For some reason, America (and perhaps the world) has a fascination with retirees that are involved in detective work and/or murder-for-hire. Whether it's Richard Osman's The Thursday Murder Club, Tess Gerritsen's The Spy Coast, the TV show Only Murders in the Building, or Deanna Raybourn's Killers of a Certain Age, they've all been successful and popular over the last few years. Raybourn's follow-up to her enjoyable 2023 novel picks up a few years after the events of that book, and our four main characters are back for another adventure.


To recap, the series focuses on four women—Billie (the main narrator), Mary Alice, Helen, and Natalie—who were all recruited to join an international group of assassins known as "The Museum" while they were in college in the late 1970s. The Museum was originally founded to track down and kill Nazis who had evaded capture, with a secondary focus on reclaiming looted art and returning it to its rightful owners., With the world running out of Nazis, "the Museum turned its efforts to drug smugglers, arms dealers, human traffickers—folks who needed killing, in other words."

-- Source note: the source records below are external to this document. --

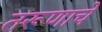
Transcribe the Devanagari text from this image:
तरूणाचे
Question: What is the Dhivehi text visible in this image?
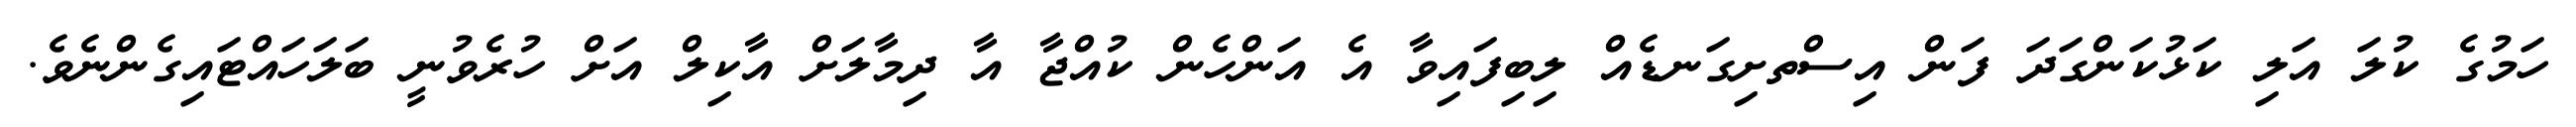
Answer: ހަމުގެ ކުލަ އަލި ކަޅުކަންގަދަ ފަން އިސްތށިގަނޑެއް ލިބިފައިވާ އެ އަންހެން ކުއްޖާ އާ ދިމާލަށް އާކިލް އަށް ހުރެވުނީ ބަލަހައްޓައިގެންނެވެ.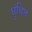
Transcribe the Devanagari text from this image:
धुंधित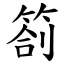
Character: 劄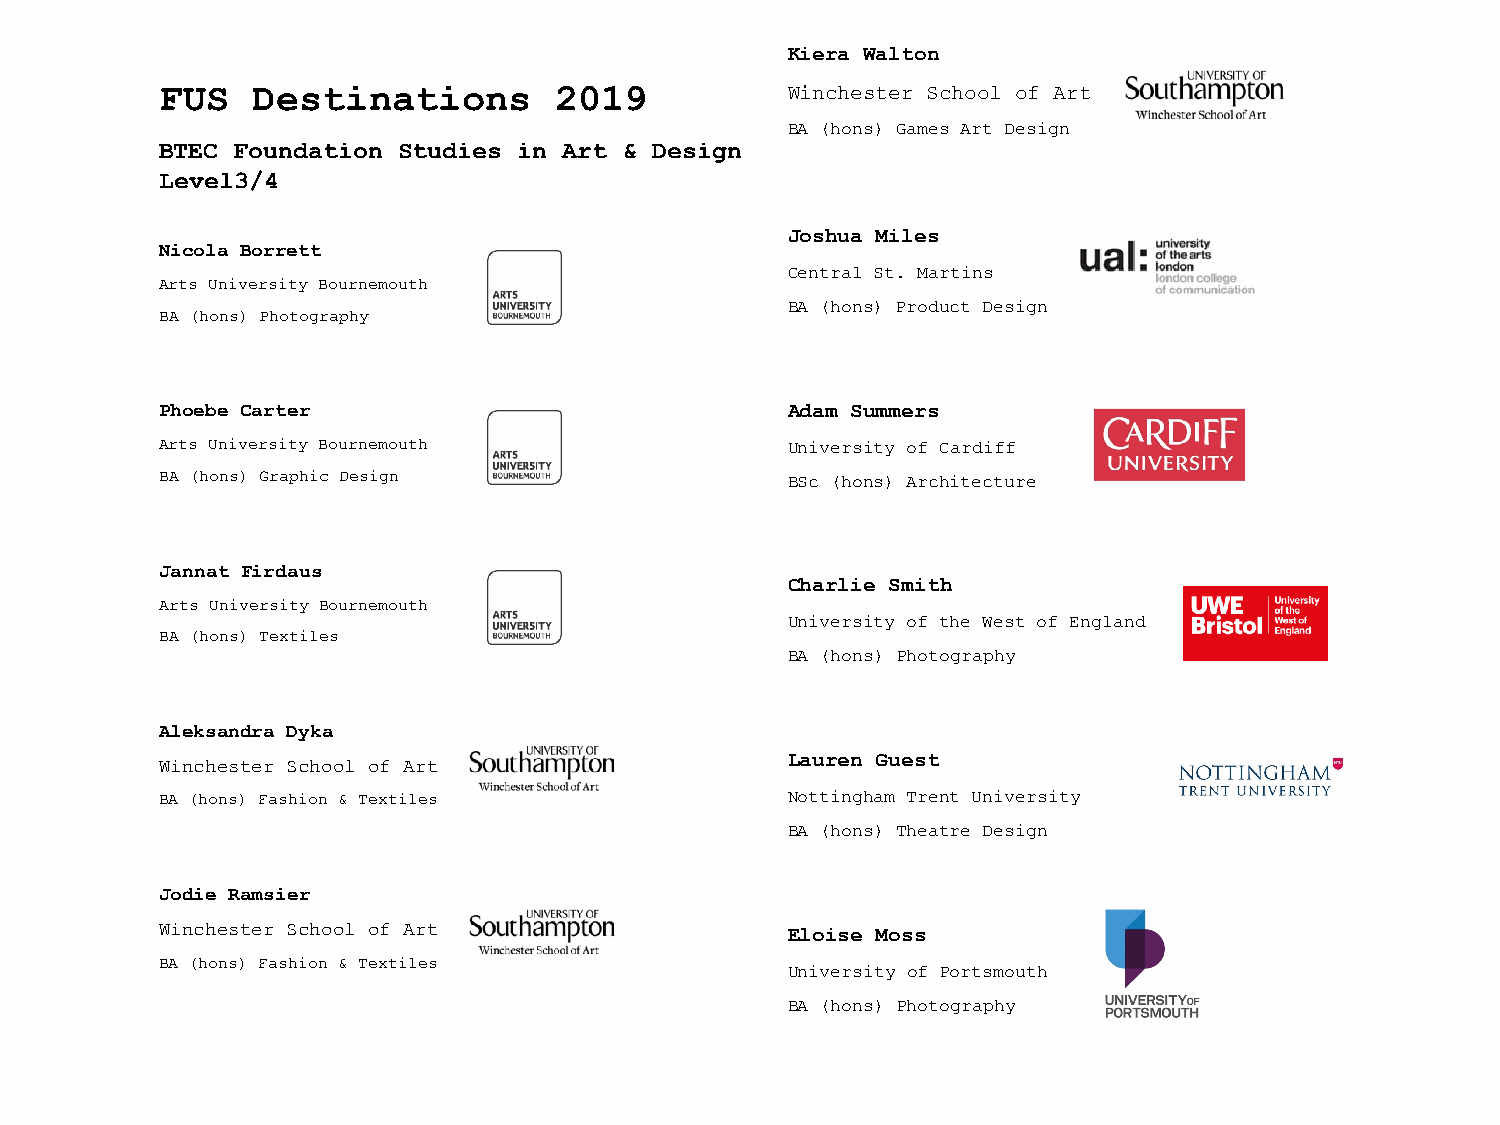
Kiera Walton
 Winchester School of Art
 FUS   Destinations        2019
 BA (hons) Games Art Design
 BTEC Foundation Studies in Art & Design
 Level3/4
 Joshua Miles
 Nicola Borrett
 Central St. Martins
 Arts University Bournemouth
 BA (hons) Product Design
 BA (hons) Photography
 Phoebe Carter                            Adam Summers
 Arts University Bournemouth              University of Cardiff
 BA (hons) Graphic Design                 BSc (hons) Architecture
 Jannat Firdaus
 Charlie Smith
 Arts University Bournemouth
 University of the West of England
 BA (hons) Textiles
 BA (hons) Photography
 Aleksandra Dyka
 Winchester School of Art                 Lauren Guest
 BA (hons) Fashion & Textiles             Nottingham Trent University
 BA (hons) Theatre Design
 Jodie Ramsier
 Winchester School of Art                 Eloise Moss
 BA (hons) Fashion & Textiles
 University of Portsmouth
 BA (hons) Photography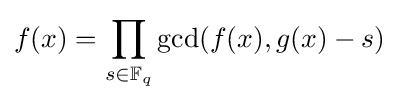
f(x)=\prod _{s\in \mathbb {F} _{q}}\gcd(f(x),g(x)-s)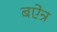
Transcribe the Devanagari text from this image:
बऐन्र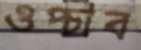
ওপ্‌চাব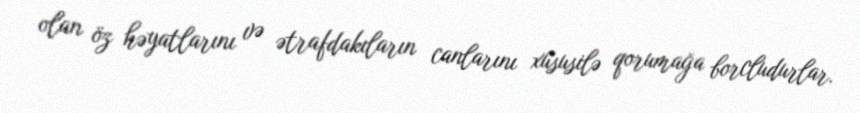
olan öz həyatlarını və ətrafdakıların canlarını xüsusilə qorumağa borcludurlar.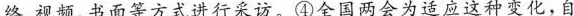
络、视频、书面等方式进行采访。④全国两会为适应这种变化，自
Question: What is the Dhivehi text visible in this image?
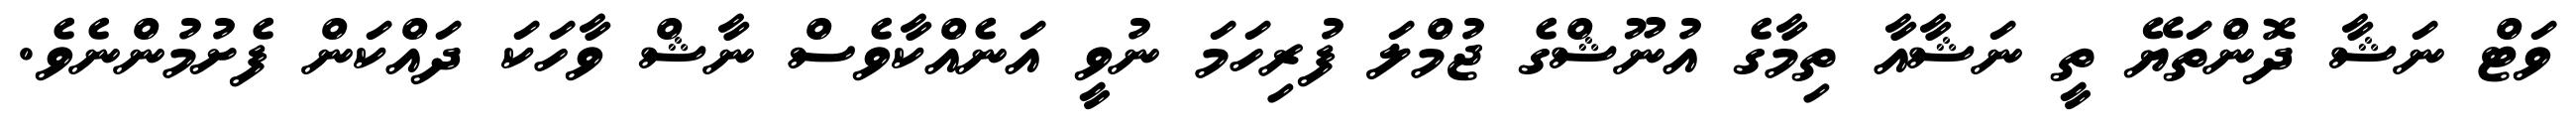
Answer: ވަޓް ނަޝާ ދޮންތަޔޭ ތީ ނަޝާއާ ތިމާގެ އުނޫޝްގެ ޖުމްލަ ފުރިހަމަ ނުވީ އަނެއްކާވެސް ނާޝް ވާހަކަ ދައްކަން ފެށުމުންނެވެ.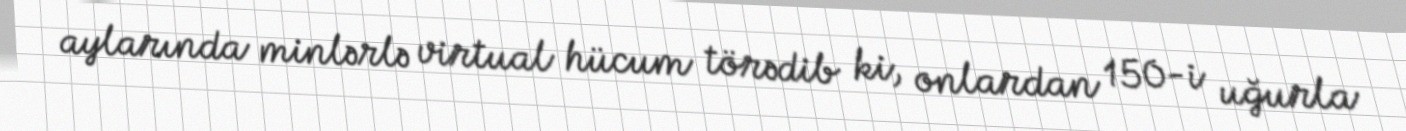
aylarında minlərlə virtual hücum törədib ki, onlardan 150-i uğurla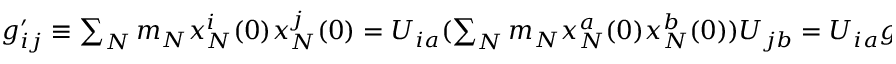
\begin{array} { r } { g _ { i j } ^ { \prime } \equiv \sum _ { N } m _ { N } x _ { N } ^ { i } ( 0 ) x _ { N } ^ { j } ( 0 ) = U _ { i a } ( \sum _ { N } m _ { N } x _ { N } ^ { a } ( 0 ) x _ { N } ^ { b } ( 0 ) ) U _ { j b } = U _ { i a } g _ { a b } U _ { j b } , \quad \mathrm { ~ o ~ r ~ } \quad g ^ { \prime } = U g U ^ { T } . } \end{array}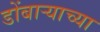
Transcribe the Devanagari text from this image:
डोंबार्‍याच्या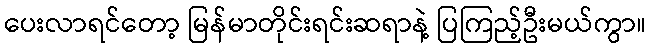
ပေးလာရင်တော့ မြန်မာတိုင်းရင်းဆရာနဲ့ ပြကြည့်ဦးမယ်ကွာ။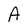
Character: A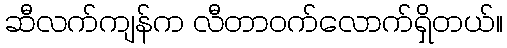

Our ladies, however, are retired, and fully intend to stay that way. But when there's a security breach at the Museum, and their identities are leaked to the child of a man they'd murdered decades prior, the women must once again mobilize and put to use their decades of plotting, tracking, and murdering experience in a game of "kill or be killed." Once again, we're treated to action-filled sequences paired with witty banter (and even a Schwarzenegger-esque pun after a killing) while layering in just enough seriousness to keep things from tipping too out of balance.


I enjoyed Killers of a Certain Age, to the point that it finished just outside my Top 20 in 2023. I'd forgotten about Raybourn's saucy sense of humor with her ladies; there's a good amount of humorous back-and-forth throughout that offsets any significant tension. Its fun, and the jocular tone it strikes, even during potentially perilous sequences, is reminiscent of James Bond movies in the 1980s before things got a lot more gritty and serious with Daniel Craig. This is a kick-back-and-enjoy-it type of book. It's well-structured and plotted (although at times a bit too conveniently), but it's one where you have a good idea that the good guys (or girls) are going to prevail in the end.


Raybourn does a nice job of succinctly recapping the first book and reminding the reader of the key pieces of information and events of that story, to the point that you could conceivably read this as a stand-alone novel. But why would you? If you haven't read either, start at the start with Killers of a Certain Age. And if you enjoyed the original Killers, I suspect you'll like this one at least as much, if not more. It fell a bit short of a 5-star book for me, mostly because of the lack of true tension, but it's a solid 4.5 that held my interest and attention throughout.